Abstract

Patients suffering from some psychiatric and neurological disorders demonstrate abnormally high levels of saccadic distractibility when carrying out the antisaccade task. This has been particularly thoroughly demonstrated in patients with schizophrenia. A large body of evidence has been accumulated from studies of patients which suggests that such eye movement abnormalities may arise from frontal lobe dysfunction.
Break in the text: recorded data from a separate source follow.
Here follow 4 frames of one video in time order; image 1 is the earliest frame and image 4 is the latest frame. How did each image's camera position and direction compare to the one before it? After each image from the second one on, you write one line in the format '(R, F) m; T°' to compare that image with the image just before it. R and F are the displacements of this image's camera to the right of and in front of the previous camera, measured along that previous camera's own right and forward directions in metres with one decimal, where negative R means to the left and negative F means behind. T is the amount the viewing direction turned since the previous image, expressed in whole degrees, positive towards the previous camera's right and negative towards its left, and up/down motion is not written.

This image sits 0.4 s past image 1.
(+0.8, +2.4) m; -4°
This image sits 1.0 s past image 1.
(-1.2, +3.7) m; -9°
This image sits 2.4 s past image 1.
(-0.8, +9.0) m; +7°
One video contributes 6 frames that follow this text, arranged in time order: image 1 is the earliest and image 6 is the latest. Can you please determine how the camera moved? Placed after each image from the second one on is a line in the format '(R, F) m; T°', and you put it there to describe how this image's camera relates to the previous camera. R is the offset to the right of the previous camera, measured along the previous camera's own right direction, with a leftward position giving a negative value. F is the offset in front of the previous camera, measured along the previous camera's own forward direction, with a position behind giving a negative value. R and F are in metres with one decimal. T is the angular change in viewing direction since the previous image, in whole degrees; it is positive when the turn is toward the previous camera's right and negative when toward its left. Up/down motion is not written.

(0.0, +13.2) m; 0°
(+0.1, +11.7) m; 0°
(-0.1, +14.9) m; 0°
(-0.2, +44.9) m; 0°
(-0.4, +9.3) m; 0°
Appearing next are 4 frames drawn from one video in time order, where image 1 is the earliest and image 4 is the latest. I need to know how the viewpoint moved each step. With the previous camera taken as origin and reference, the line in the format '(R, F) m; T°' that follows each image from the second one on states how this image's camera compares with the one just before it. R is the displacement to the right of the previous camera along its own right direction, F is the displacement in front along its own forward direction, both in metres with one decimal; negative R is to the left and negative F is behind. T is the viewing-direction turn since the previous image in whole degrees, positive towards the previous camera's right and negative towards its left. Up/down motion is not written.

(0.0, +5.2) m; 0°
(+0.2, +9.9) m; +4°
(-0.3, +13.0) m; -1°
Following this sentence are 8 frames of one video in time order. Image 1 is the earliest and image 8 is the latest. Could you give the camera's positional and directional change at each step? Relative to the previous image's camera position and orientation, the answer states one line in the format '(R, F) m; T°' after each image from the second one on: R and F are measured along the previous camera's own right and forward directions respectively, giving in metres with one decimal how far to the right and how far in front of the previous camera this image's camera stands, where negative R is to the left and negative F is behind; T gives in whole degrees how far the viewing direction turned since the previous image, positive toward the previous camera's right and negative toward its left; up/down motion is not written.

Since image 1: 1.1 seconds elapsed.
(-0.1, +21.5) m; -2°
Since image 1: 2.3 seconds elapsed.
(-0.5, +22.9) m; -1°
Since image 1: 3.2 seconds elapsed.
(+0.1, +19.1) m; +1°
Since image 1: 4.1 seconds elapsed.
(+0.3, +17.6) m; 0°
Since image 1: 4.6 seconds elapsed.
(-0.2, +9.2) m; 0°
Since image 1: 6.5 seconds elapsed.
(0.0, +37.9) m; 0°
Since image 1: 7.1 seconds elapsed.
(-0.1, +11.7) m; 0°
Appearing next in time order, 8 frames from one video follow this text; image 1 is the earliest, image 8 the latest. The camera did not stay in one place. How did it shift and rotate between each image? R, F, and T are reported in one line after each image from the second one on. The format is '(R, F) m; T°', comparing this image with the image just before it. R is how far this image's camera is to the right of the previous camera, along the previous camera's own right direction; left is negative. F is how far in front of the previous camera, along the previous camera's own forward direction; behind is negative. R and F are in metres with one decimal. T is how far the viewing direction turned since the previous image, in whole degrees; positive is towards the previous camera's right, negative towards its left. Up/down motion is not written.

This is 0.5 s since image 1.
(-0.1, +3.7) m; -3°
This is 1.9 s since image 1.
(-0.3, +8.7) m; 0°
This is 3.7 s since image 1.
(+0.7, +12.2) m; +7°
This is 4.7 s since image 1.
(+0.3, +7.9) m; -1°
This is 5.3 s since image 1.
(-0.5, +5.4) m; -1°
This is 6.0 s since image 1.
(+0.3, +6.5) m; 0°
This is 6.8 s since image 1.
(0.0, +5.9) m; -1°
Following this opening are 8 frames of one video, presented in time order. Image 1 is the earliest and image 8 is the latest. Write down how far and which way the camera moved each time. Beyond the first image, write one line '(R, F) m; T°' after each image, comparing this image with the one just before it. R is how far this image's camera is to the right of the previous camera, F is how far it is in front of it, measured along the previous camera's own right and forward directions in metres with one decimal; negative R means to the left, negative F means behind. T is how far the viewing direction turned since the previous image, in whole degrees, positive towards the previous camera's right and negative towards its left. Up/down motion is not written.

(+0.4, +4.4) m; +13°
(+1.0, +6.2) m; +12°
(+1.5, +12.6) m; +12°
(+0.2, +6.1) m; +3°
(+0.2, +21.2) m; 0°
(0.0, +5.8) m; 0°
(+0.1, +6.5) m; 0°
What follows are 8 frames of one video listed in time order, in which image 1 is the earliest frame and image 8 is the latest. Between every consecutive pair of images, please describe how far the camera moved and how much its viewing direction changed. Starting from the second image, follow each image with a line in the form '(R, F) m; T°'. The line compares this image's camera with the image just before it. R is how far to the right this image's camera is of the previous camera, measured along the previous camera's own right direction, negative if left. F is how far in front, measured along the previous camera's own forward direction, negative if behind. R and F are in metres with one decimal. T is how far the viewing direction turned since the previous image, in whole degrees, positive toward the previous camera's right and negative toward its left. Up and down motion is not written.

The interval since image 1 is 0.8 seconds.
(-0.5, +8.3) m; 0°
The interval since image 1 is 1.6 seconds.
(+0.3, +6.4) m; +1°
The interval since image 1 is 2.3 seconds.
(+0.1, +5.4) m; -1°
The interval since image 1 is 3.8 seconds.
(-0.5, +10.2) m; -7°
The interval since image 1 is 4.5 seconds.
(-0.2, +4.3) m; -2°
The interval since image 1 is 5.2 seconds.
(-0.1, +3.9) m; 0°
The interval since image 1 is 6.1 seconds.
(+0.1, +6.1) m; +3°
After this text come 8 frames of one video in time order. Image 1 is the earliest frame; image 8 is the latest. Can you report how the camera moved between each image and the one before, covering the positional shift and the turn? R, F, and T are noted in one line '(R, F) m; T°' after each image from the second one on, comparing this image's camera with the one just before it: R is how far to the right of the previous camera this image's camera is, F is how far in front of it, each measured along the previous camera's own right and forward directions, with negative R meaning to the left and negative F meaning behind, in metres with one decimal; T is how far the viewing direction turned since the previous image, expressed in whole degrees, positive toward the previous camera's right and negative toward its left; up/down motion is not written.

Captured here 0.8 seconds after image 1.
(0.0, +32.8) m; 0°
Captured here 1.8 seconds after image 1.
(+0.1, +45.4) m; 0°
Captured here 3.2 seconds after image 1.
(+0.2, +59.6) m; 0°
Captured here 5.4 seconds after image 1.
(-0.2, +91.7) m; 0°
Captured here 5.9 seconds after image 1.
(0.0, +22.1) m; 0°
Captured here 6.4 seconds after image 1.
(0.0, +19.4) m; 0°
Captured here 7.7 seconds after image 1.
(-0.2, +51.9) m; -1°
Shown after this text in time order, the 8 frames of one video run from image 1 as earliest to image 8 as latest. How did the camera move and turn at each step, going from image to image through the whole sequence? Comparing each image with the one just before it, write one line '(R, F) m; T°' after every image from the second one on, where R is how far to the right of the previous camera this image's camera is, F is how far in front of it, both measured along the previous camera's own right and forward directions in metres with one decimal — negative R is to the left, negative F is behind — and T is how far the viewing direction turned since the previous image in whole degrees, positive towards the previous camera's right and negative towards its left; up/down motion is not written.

The psychopharmacology of saccadic distractibility is less well understood, but is relevant both to interpreting patient studies and to establishing the neurological basis of their findings. Twenty healthy subjects received lorazepam 0.5 mg, 1 mg and 2 mg, sertraline 50 mg and placebo in a balanced, repeated measures study design. Antisaccade, no-saccade, visually guided saccade and smooth pursuit tasks were carried out and the effects of practice and drugs measured. Lorazepam increased direction errors in the antisaccade and no-saccade tasks in a dose-dependent manner. Sertraline had no effect on these measures. Correlation showed a statistically significant, but rather weak, association between direction errors and smooth pursuit measures. Practice was shown to have a powerful effect on antisaccade direction errors. This study supports our previous work by confirming that lorazepam reliably worsens saccadic distractibility, in contrast to other psychotropic drugs such as sertraline and chlorpromazine. Our results also suggest that other studies in this field, particularly those using parallel groups design, should take account of practice effects.